◆ How to complete this task ◆
The reply should hold only the lines below beginning at the one with "Vraag: Wat voor type document is dit?" and ending at the one with "Question: Could you", copied exactly, with every picture left out.

◆ Stored records ◆
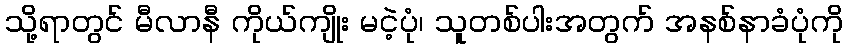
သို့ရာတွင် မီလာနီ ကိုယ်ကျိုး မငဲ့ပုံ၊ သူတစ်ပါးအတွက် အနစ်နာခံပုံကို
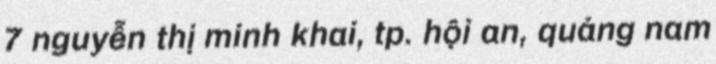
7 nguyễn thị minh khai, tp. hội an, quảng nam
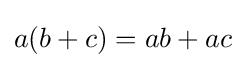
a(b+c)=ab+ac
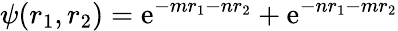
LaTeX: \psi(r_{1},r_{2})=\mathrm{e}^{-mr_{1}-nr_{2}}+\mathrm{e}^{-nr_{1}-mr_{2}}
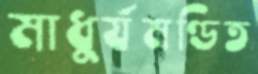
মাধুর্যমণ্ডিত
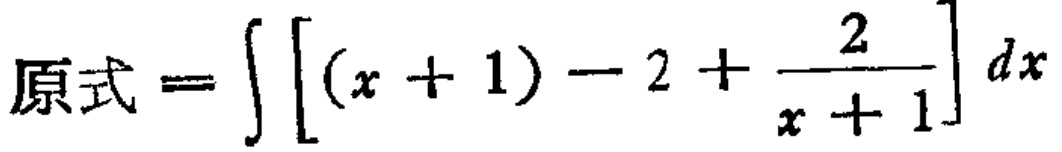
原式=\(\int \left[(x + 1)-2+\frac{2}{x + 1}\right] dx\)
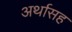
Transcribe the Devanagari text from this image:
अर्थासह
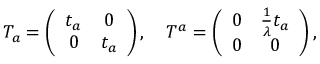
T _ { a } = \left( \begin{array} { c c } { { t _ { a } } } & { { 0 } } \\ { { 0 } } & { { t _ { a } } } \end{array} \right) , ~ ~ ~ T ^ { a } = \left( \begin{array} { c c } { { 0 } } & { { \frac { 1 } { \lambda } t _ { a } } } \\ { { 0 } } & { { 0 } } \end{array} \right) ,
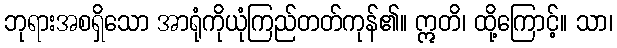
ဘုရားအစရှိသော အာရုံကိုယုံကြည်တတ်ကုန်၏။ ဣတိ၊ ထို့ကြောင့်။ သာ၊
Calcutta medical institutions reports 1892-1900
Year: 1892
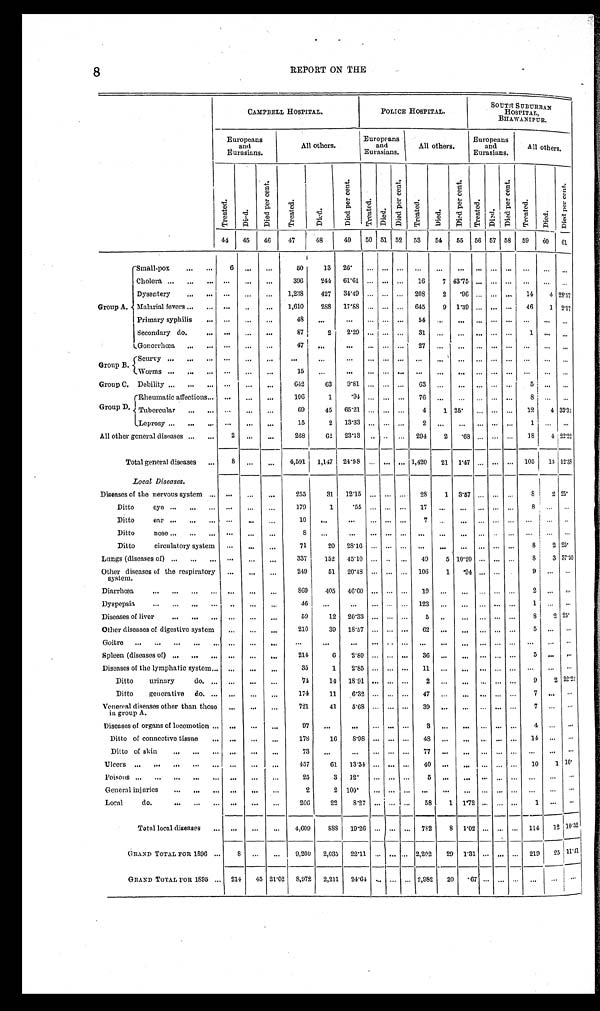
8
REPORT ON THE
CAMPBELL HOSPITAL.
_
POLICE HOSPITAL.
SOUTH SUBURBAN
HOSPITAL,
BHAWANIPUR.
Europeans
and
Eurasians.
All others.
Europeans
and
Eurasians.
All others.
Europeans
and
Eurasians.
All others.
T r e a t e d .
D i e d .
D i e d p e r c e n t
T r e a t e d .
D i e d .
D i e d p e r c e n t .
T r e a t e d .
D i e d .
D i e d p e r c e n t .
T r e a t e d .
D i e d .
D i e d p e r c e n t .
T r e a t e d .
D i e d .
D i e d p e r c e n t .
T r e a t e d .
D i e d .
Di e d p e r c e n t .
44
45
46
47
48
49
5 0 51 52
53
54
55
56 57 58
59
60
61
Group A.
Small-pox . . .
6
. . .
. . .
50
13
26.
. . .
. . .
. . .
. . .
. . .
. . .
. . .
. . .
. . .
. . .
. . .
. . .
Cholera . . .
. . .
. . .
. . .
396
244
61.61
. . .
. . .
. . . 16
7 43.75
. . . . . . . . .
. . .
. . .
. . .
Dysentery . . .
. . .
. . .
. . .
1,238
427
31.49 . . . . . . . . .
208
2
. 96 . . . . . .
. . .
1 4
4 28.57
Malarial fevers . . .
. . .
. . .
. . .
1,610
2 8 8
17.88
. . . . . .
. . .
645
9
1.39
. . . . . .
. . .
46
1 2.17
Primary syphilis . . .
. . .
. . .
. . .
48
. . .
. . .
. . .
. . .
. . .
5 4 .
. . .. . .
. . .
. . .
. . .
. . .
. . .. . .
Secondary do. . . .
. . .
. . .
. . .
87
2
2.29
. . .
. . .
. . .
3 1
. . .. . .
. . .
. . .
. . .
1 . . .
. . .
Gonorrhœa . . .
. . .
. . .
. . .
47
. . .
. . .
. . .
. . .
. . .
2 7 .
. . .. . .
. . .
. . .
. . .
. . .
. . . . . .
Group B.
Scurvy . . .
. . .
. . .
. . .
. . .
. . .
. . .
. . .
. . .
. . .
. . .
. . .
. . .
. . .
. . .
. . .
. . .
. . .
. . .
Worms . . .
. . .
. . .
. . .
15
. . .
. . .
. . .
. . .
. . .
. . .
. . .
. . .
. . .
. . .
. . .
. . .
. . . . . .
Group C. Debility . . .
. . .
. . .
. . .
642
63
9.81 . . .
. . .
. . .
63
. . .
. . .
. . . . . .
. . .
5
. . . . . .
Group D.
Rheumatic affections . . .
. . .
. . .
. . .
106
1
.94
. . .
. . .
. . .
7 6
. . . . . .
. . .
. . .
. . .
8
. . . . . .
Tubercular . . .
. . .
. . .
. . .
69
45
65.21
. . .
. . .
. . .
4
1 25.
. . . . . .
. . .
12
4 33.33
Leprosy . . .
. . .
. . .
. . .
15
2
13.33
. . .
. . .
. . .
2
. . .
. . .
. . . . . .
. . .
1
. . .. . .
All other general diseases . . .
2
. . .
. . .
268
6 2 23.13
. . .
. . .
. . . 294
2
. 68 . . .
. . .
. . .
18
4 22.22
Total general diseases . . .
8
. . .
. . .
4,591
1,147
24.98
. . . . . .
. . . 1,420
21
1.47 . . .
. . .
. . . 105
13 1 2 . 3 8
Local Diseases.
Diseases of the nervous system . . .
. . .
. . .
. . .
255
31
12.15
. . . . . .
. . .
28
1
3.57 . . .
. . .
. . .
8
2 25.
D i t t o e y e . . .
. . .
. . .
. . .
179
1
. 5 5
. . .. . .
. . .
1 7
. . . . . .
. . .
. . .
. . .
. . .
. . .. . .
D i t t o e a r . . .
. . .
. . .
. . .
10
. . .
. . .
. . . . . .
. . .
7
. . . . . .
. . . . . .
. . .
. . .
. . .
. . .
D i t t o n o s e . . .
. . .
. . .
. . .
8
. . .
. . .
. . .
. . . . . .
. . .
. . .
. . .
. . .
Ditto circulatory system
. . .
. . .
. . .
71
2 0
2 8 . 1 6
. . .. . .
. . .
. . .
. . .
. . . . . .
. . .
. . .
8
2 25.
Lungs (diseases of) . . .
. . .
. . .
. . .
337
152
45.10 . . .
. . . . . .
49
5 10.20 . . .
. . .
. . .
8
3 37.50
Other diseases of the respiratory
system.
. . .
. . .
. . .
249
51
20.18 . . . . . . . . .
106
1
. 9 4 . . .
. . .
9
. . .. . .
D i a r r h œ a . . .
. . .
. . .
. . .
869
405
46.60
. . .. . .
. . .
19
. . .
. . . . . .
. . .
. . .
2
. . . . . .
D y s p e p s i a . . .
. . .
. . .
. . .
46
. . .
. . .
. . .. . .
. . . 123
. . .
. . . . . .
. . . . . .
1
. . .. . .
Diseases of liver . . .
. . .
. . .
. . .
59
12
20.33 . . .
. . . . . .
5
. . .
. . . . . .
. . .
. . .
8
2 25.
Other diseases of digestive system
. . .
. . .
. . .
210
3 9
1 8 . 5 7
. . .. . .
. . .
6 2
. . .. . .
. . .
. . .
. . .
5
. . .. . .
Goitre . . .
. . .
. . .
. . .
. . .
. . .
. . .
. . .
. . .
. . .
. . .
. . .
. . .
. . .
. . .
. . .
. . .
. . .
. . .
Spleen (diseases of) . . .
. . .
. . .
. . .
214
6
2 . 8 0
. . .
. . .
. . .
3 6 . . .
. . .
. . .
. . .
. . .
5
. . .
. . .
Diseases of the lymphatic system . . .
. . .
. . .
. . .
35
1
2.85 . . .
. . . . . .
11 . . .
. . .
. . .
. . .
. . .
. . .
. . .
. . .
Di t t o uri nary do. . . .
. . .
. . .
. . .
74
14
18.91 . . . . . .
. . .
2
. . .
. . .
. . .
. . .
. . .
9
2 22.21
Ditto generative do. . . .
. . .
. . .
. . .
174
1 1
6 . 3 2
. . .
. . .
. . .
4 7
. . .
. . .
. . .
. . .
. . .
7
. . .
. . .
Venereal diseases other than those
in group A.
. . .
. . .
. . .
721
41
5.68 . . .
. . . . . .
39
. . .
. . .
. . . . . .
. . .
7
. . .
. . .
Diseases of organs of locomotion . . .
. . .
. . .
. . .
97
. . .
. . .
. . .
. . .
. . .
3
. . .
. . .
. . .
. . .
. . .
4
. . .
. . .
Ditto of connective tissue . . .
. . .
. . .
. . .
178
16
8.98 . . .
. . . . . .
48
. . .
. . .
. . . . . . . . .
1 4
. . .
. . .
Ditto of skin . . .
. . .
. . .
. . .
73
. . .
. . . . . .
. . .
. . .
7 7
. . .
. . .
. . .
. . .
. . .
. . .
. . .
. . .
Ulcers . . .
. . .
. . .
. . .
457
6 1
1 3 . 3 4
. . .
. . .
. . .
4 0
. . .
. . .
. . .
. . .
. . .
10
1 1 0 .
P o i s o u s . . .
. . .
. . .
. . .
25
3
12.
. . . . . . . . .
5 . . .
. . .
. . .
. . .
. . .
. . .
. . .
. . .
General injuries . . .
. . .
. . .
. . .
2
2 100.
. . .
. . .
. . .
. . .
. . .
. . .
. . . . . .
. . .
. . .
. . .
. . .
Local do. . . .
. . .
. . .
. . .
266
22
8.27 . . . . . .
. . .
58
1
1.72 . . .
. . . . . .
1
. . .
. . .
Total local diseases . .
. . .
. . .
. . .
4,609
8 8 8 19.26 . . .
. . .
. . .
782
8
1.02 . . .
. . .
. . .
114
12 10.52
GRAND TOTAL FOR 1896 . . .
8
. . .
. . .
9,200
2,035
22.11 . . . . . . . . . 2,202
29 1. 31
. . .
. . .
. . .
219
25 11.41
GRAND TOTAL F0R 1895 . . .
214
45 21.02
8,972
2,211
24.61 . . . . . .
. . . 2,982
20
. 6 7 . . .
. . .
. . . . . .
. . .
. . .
==
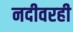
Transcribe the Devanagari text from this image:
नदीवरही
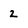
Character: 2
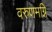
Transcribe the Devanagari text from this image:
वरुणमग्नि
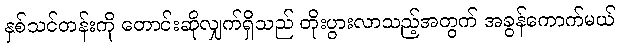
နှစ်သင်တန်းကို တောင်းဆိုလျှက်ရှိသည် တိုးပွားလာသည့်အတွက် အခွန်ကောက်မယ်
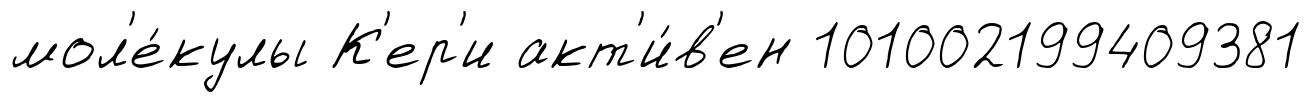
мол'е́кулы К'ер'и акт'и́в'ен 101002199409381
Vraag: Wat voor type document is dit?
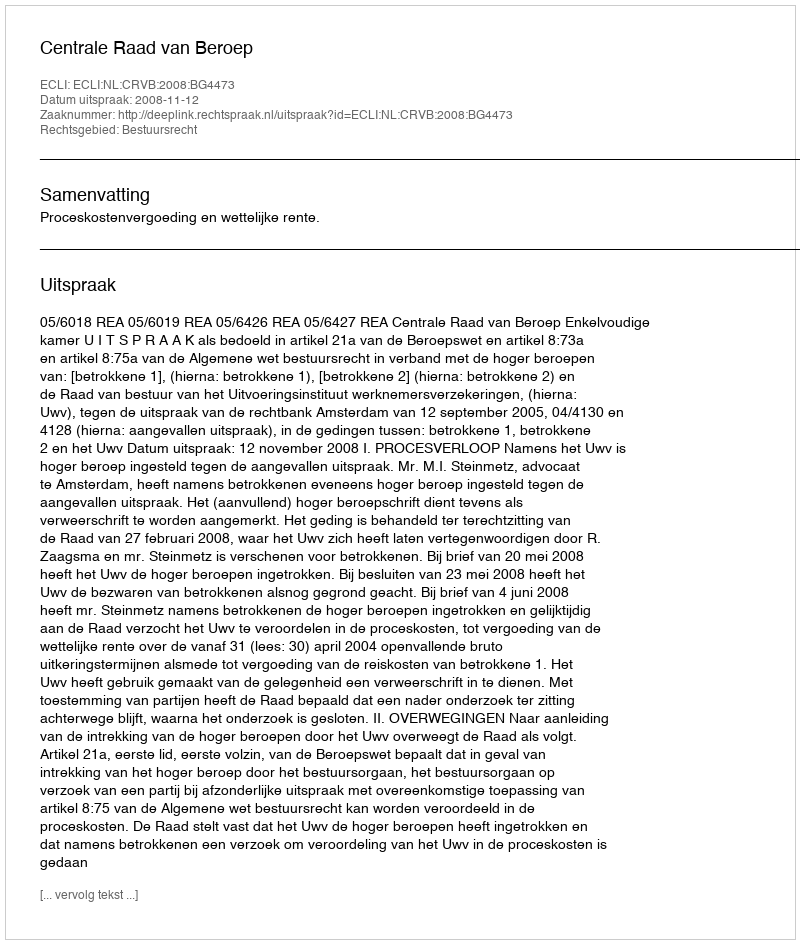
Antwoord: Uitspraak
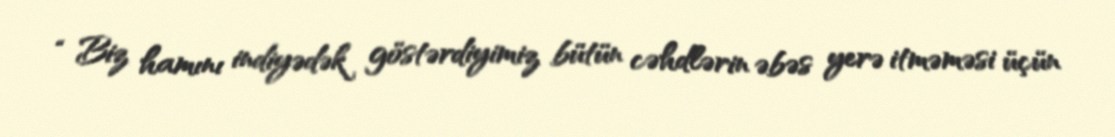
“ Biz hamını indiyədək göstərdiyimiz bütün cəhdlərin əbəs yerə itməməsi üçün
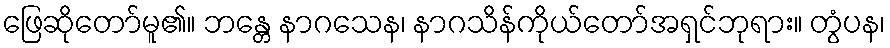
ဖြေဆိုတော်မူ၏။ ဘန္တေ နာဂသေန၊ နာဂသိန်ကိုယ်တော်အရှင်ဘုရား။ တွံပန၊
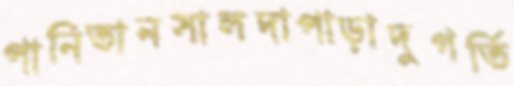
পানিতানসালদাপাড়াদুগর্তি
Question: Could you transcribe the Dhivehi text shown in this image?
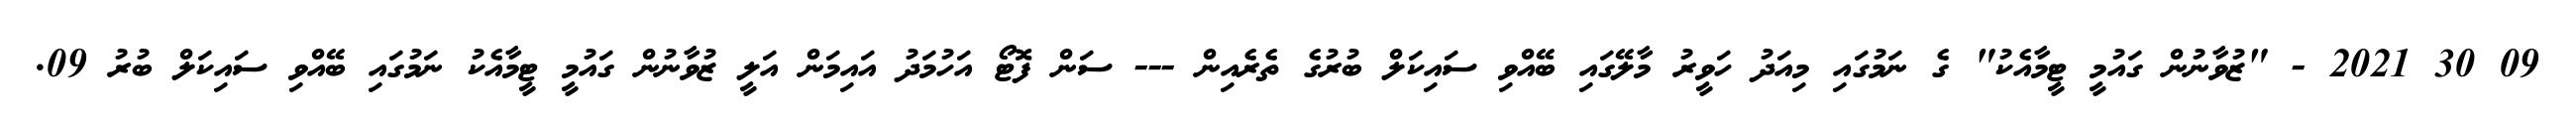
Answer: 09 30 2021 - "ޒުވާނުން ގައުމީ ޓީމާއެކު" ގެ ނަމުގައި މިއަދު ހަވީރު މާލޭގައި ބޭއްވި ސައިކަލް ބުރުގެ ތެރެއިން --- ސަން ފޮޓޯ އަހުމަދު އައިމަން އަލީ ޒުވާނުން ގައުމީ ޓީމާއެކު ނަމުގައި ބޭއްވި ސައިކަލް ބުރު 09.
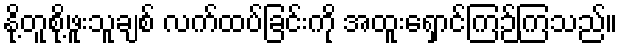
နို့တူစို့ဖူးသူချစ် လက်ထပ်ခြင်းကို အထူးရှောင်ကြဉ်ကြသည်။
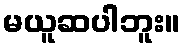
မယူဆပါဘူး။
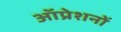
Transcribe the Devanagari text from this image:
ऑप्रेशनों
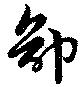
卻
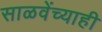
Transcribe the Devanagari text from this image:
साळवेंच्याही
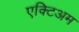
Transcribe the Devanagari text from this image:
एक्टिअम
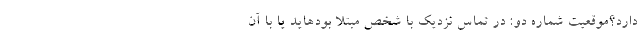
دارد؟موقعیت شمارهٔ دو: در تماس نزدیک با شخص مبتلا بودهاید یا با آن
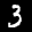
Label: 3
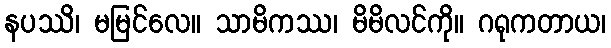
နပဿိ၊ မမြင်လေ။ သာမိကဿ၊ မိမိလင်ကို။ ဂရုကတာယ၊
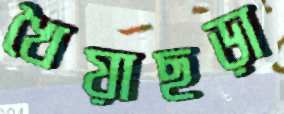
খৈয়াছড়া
...
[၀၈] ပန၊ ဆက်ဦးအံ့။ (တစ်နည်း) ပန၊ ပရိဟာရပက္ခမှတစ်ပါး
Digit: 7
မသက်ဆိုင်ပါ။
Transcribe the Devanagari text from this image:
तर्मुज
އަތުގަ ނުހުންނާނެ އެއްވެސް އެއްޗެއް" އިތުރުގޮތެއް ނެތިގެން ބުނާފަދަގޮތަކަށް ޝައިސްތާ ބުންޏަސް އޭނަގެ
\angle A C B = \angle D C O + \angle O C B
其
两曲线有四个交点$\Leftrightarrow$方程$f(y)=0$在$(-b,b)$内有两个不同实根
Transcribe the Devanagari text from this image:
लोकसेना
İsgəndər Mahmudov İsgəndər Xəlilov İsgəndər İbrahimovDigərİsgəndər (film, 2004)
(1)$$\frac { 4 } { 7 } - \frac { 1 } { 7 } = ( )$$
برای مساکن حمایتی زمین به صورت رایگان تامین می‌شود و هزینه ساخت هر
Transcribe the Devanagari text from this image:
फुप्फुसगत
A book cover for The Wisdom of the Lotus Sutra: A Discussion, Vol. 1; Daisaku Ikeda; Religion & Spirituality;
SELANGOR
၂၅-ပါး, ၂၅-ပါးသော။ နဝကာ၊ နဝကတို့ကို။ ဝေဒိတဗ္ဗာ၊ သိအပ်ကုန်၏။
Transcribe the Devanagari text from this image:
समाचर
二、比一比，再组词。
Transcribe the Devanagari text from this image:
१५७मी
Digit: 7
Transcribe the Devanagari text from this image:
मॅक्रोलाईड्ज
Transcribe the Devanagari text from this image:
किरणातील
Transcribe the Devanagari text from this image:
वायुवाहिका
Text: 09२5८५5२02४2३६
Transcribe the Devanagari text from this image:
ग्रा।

◆ Exercise output ◆
Vraag: Wat voor type document is dit?
Antwoord: Uitspraak
“ Biz hamını indiyədək göstərdiyimiz bütün cəhdlərin əbəs yerə itməməsi üçün
ဖြေဆိုတော်မူ၏။ ဘန္တေ နာဂသေန၊ နာဂသိန်ကိုယ်တော်အရှင်ဘုရား။ တွံပန၊
পানিতানসালদাপাড়াদুগর্তি
Question: Could you transcribe the Dhivehi text shown in this image?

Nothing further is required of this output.